一方で、生活費の不足を埋めるために高金利で借り続ける。

  • ストレス発散の買い物でリボ払いが増える。
  • ギャンブルや一発逆転の投資で借金を重ねる。

このような借金は、心の不安をどんどん大きくします。

大切なのは、借金そのものを単純に善悪で見ることではありません。

その借金が、未来を良くするためのものなのか。

それとも、今の不安を先送りしているだけなのか。

ここを見極めることが大切です。


お金の不安が減ると、冷静さは戻ってくる

借金や滞納の不安が減ってくると、少しずつ頭の中に余裕が戻ってきます。

支払いに追われていた時は考えられなかったことも、少しずつ考えられるようになります。

生活やお金の状態が少し整ってくると、今度は「ここも直したい」「これも改善したい」と、前向きに考えられるようになります。

家計を見直してみよう。

固定費を下げてみよう。

少しだけ貯金してみよう。

投資の勉強をしてみよう。

将来の生活を考えてみよう。

このように、目の前の支払いだけでなく、未来のことを考える余裕が出てきます。

借金を返すことは、単にお金を返すだけではありません。

頭の中の不安を減らし、本来の冷静さを取り戻すことでもあります。

私自身も、過去の滞納やお金の失敗を振り返ると、あの頃は本当に視野が狭くなっていたと思います。
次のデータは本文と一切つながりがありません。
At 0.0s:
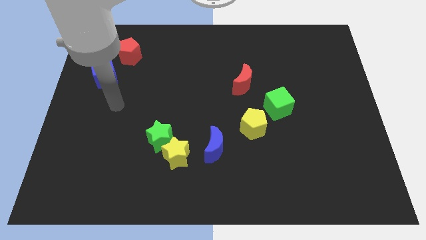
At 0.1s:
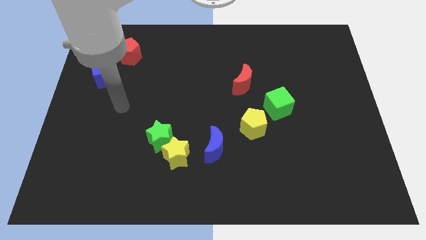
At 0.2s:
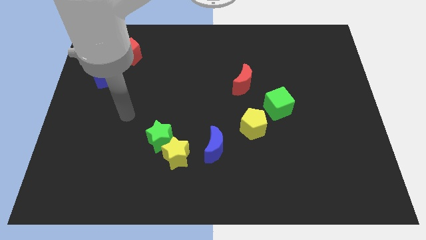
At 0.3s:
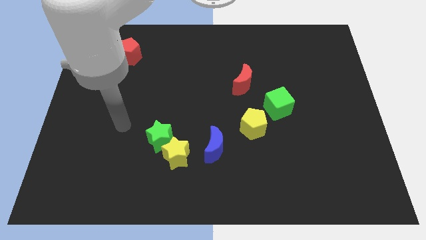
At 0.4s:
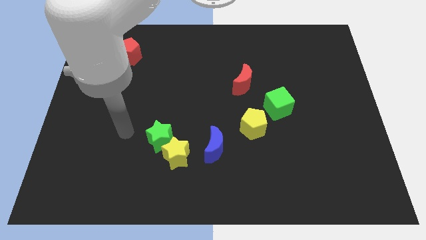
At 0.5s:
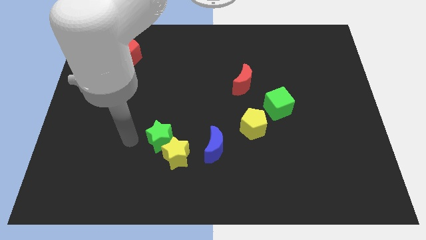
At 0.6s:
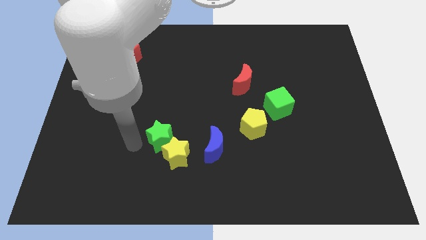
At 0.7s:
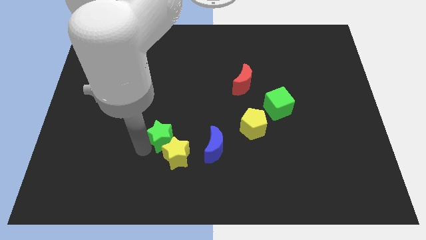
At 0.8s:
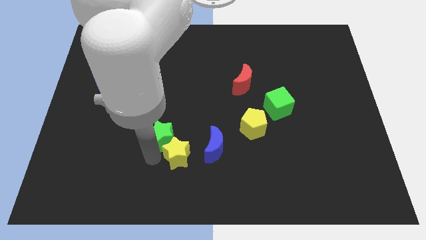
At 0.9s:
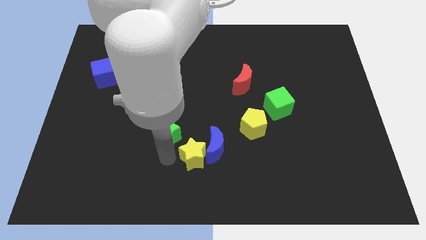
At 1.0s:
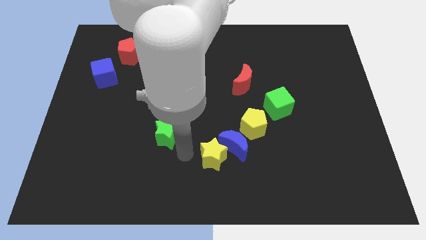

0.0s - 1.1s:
move the green star away from the yellow star

だからこそ、今お金で苦しんでいる人を責める気持ちはありません。

ただ、逃げ続けると問題は大きくなります。

小さくてもいいので、現実を見る一歩を作ることが大切だと思います。


今日からできる小さな行動

借金や滞納の問題を抱えている時に、いきなり大きな行動をするのは難しいです。

だから、最初は小さなことでいいと思います。

  • 封筒を一つだけ開ける
  • 借入先を一つだけメモする
  • 毎月の返済額を一つだけ確認する
  • 役所や金融機関の相談窓口を調べる
  • 今日だけコンビニで余計なものを買わない
  • 早めに寝る
  • 誰かに一言だけ相談する

これくらいできたら、本当に十分です。

大きな問題ほど、一気に解決しようとすると苦しくなります。

問題の端っこから少しずつ崩していきましょう!

まずは、頭の中にある不安を少し外に出すこと。

それが、冷静さを取り戻す第一歩になります。


まとめ|借金の問題は、お金だけでなく「心の余裕」の問題でもある

借金や滞納は、単なるお金の問題ではありません。

お金の不安が強くなると、判断力、集中力、行動力にも影響します。

だから、借金で苦しんでいる人に必要なのは、責める言葉ではなく、現実を小さく整理することだと思います。
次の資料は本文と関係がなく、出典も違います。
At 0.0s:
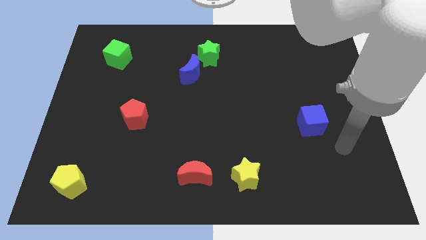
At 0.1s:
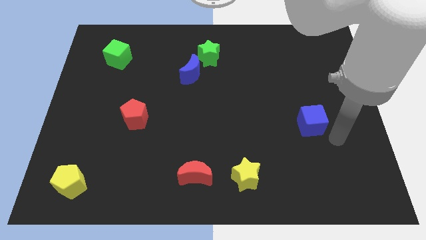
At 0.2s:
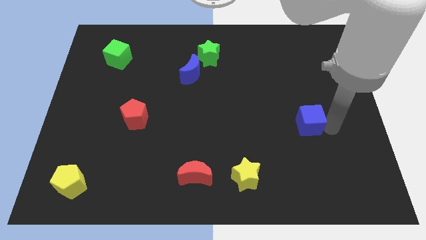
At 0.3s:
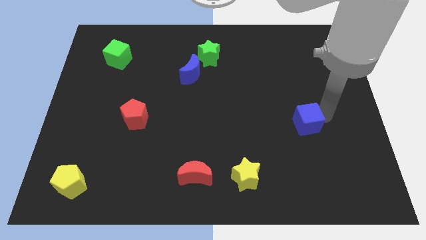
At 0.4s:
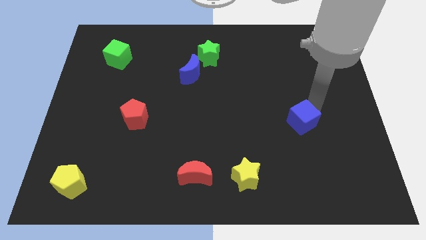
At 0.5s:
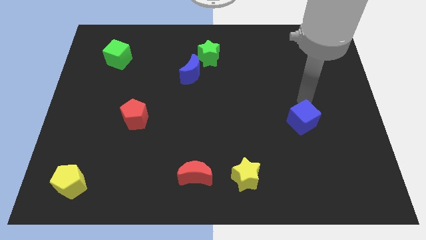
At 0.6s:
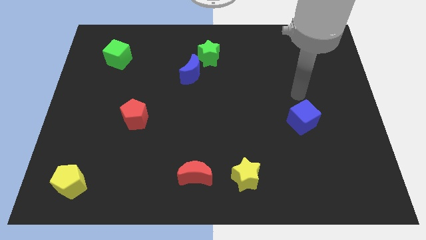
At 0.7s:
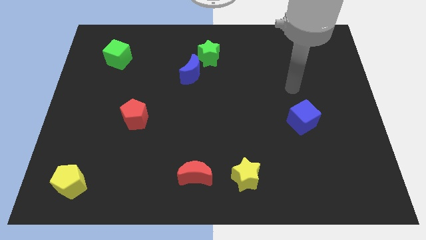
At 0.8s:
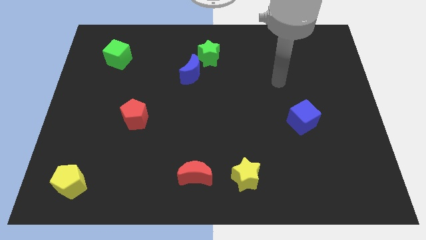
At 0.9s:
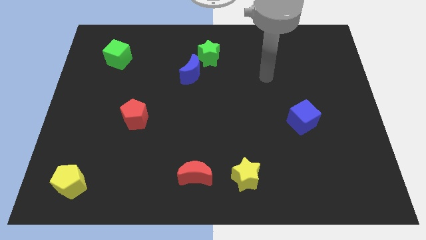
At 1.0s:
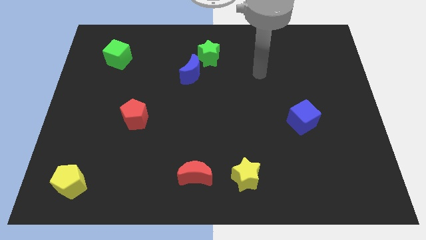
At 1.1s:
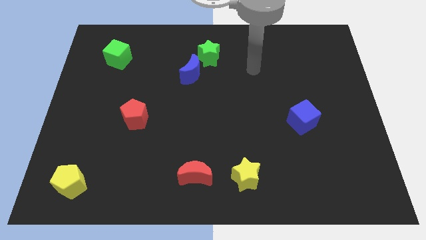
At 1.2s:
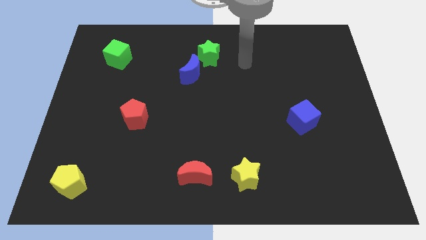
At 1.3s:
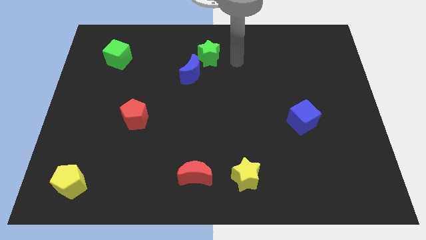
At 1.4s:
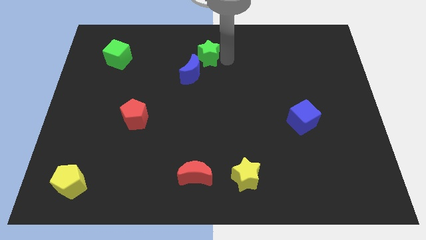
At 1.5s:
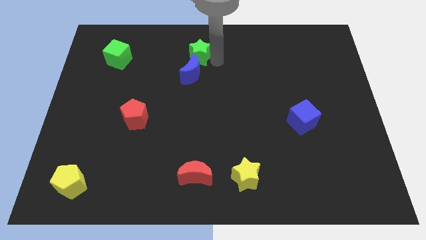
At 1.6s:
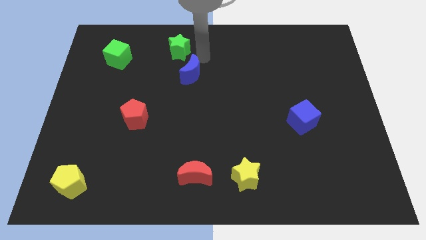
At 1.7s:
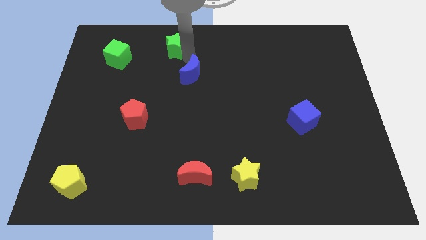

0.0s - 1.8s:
pull the blue moon apart from the green star

私自身も、昔は税金の封筒を開けられず、現実から逃げていました。

今ならすぐに相談すると思います。

でも当時は、それすらできませんでした。

だからこそ、今お金で苦しんでいる人には、まず自分を責めすぎないでほしいと思います。

ただし、放置はしない方がいいです。

  • 封筒を一つ開ける。
  • 金額を一つ確認する。
  • 相談先を一つ調べる。

その小さな行動が、思考回路を再起動するきっかけになります。